___ Extracted material ___

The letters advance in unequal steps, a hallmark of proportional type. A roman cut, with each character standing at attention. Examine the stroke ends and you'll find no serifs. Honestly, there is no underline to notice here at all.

___
___ Extracted material ___

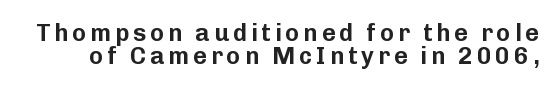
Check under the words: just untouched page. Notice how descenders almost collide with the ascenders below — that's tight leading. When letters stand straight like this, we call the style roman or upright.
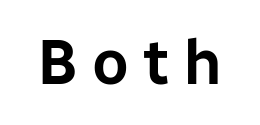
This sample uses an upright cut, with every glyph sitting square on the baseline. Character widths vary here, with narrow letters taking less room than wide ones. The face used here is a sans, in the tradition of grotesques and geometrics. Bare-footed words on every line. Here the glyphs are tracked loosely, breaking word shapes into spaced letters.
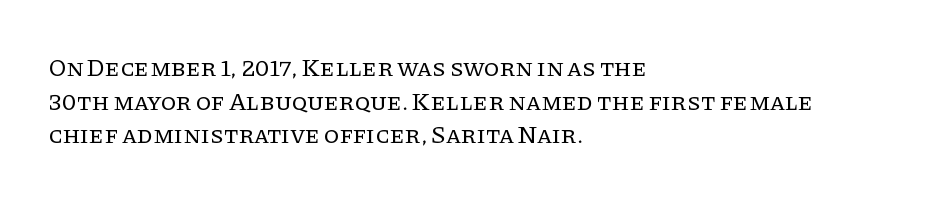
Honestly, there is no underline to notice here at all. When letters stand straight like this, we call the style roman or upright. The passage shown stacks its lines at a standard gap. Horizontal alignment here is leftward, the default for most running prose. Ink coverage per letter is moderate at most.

___

=== What to produce ===
Your answer should be a single number: how many lines of the listing hold the string "words".

=== Written response ===
2